Ugh no. (Though yes, it is deterministic afaik).

Does anybody see any other good solutions?

Develop an interface that works and have lldb use that? Might need to change things to have certain bits be made public if necessary, but I’d want more details there.

-eric

The basic problem is the following. In, LLDB I get an instruction from the target and then I ask the LLVM disassembler to disassemble it for me. Depending on the instruction and what the arguments are, I can now construct an unwind plan. I get an MCInst back from the disassembler, so what I want to do is sth like:

if (Inst.getOpcode() == Mips::Addiu || Inst.getOpcode() == Mips::DAddiu) {
// This is an addiu instruction, look at the registers and construct the unwind plan
}

but that enum is the one that’s tablegen’d. I guess a possible interface would be to ask for the opcode of an instruction by name? Seems somewhat ugly though.

Equally ugly (and subject to silent breakage) would be to match the
opcode names, as given by MCInstrInfo::getName.

-Ahmed

We should really try to get this header file generated if possible.

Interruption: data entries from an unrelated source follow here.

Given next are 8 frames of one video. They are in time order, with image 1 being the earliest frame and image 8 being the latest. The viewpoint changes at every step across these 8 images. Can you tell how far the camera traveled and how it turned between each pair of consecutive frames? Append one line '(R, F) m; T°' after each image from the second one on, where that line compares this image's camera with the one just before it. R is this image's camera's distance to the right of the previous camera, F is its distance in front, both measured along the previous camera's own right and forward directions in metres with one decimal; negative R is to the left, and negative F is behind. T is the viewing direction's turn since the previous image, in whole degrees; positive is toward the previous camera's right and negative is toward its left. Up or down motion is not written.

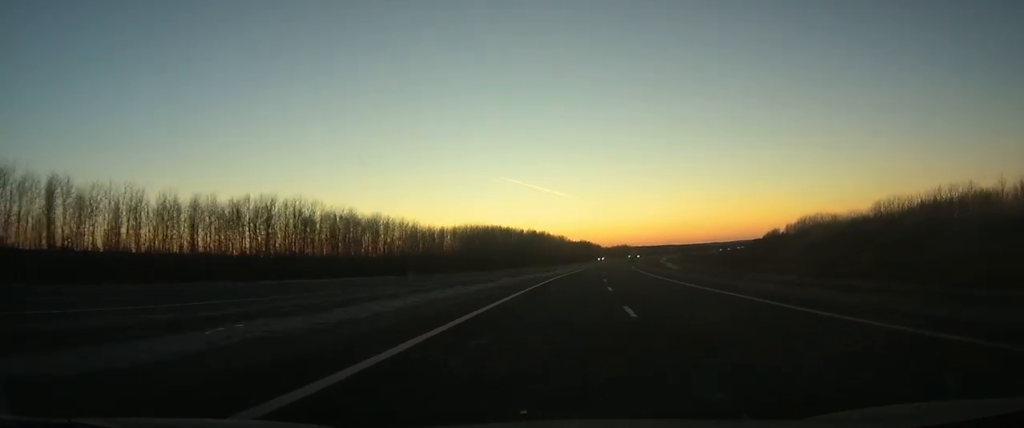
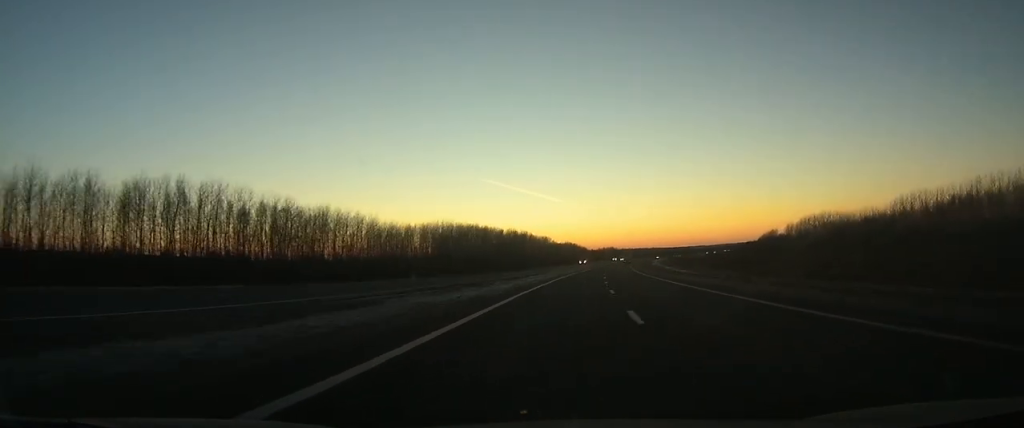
(+0.5, +23.7) m; +1°
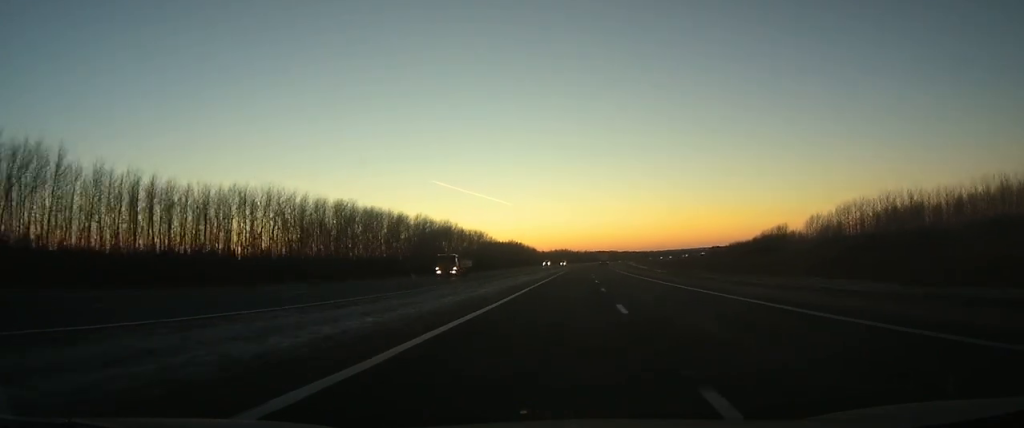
(+3.6, +94.8) m; +4°
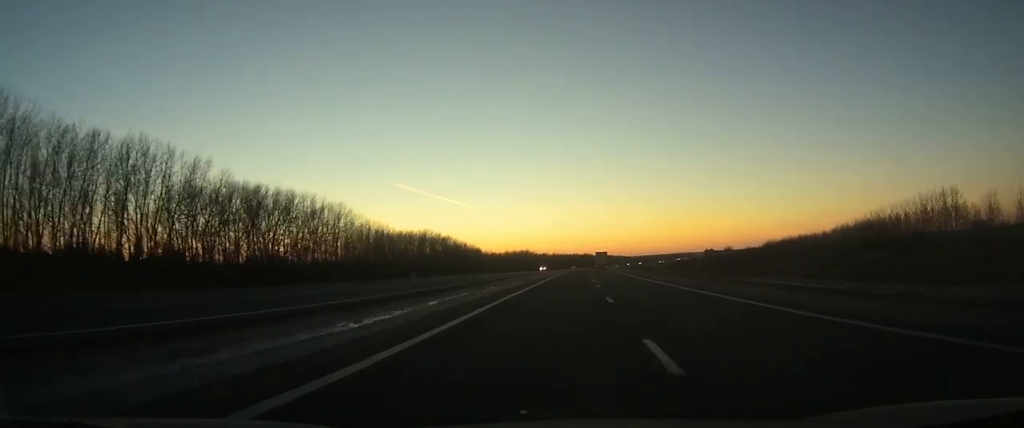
(+6.2, +155.5) m; +4°
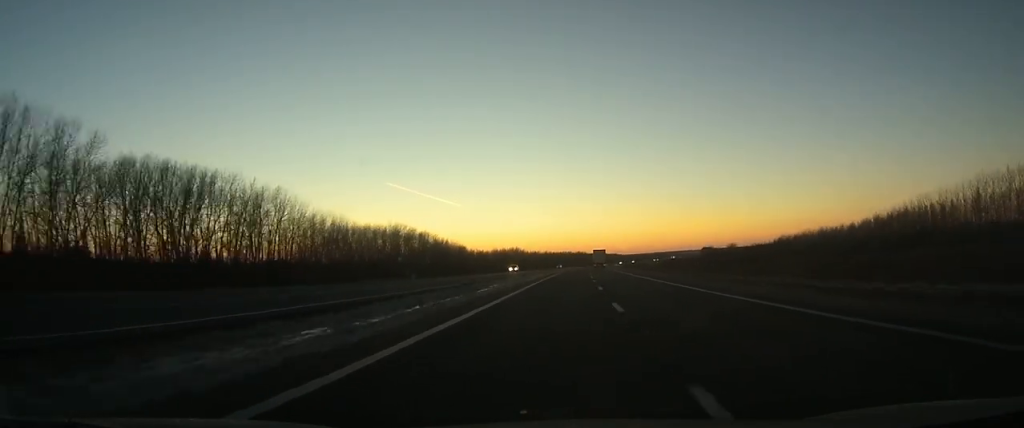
(+0.1, +27.6) m; +1°
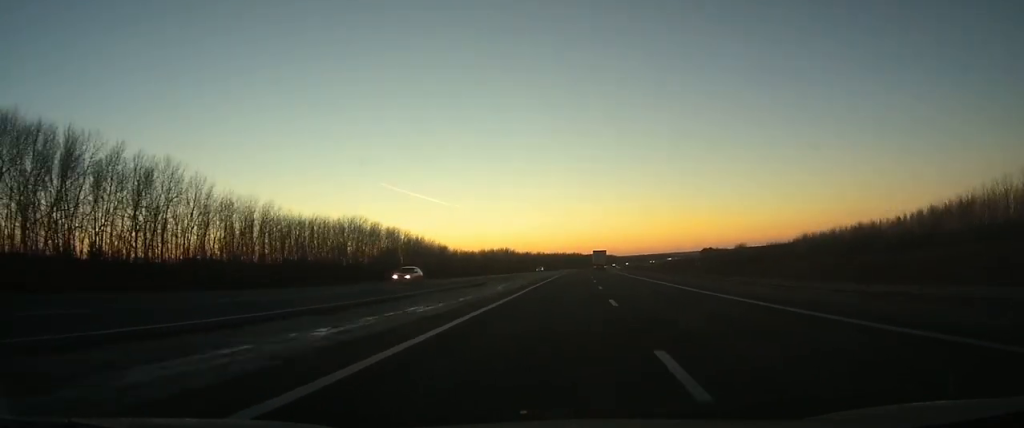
(+0.2, +33.2) m; +1°
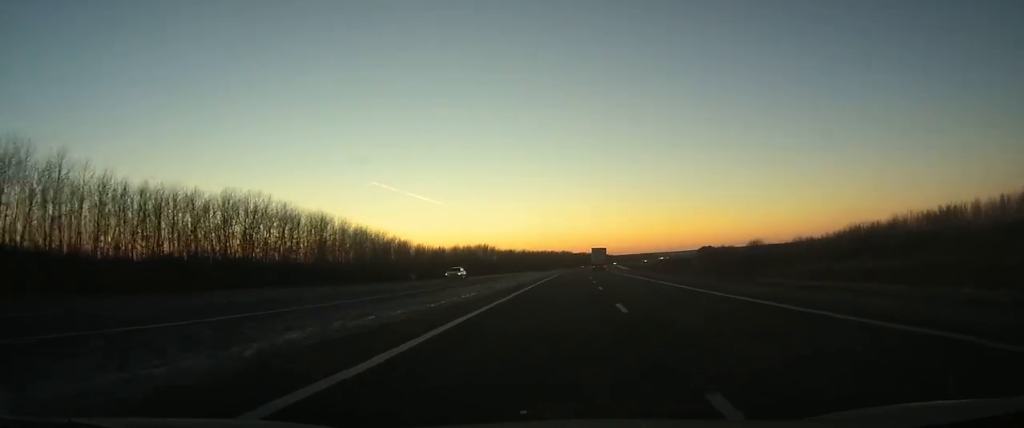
(+0.6, +50.5) m; +1°
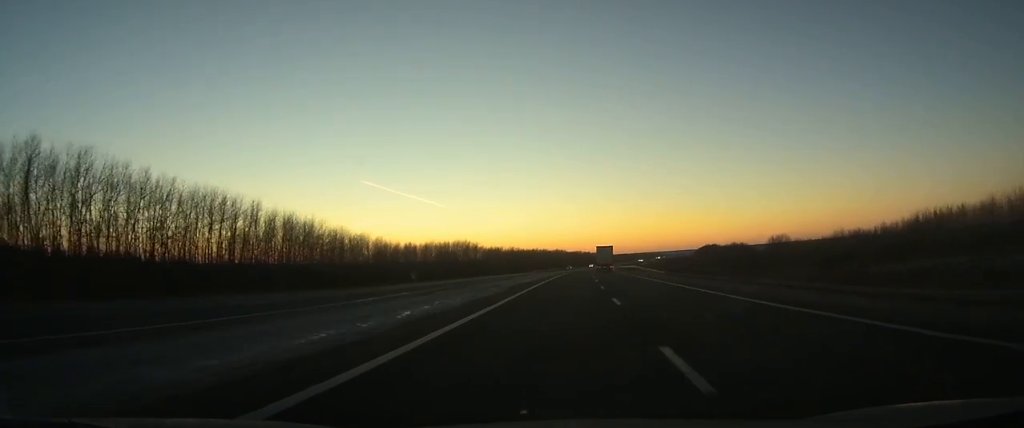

Would you have any objections to making
lib/Target/*/MCTargetDesc/*MCTargetDesc.h public?

It seems pretty useless to expose a disassembly interface that can't tell
you anything interesting about the instruction.

It’s painful, I think I’d rather come up with a generic way to split/expose the backend data so that users can ask things, but I think this is a good step to getting there. So let’s define a cpu interface?

Agreed.

-eric

What kind of interface are you suggesting? It seems like the opcode data is inherently target specific (and only used by sections of external code written for the same target), so I guess I’m not seeing how a generic interface would work here.

Would you have any objections to making lib/Target/*/MCTargetDesc/*MCTargetDesc.h public?

One worry that springs to mind is how easy it is to renumber the enum values used by the opcodes. If these numbers are public it will be hard to have stable releases that add new instructions.

I don't believe that there's an expectation of ABI stability for the LLVM C++ interfaces, even in public headers - there's no expectation that you can link against any version of LLVM other than the exact version whose headers you used, unless you use the C interfaces. As long as this is not in llvm-c, then it shouldn't be an issue.

David

It's not expected to be stable between major releases like 3.6.0 and 3.7.0, but I believe it is supposed to be stable between, say, 3.6.0 and 3.6.1.
During the 3.5.1 release we spent a fair bit of time learning how to use a ABI checking tool and Tom Stellard asked me to make a few changes to preserve the ABI compatibility with the 3.5.0 release.

Apparently some lld targets also need instruction encoding. It would
be nice to figure out one interface that can be used by both lld and
lldb.

Just want to make sure this doesn’t drop off the radar. I don’t know enough about how the backends are organized to make a coherent suggestion here, but I imagine the hard part here is coming up with a suggestion, while the actual changes should be fairly mechanical.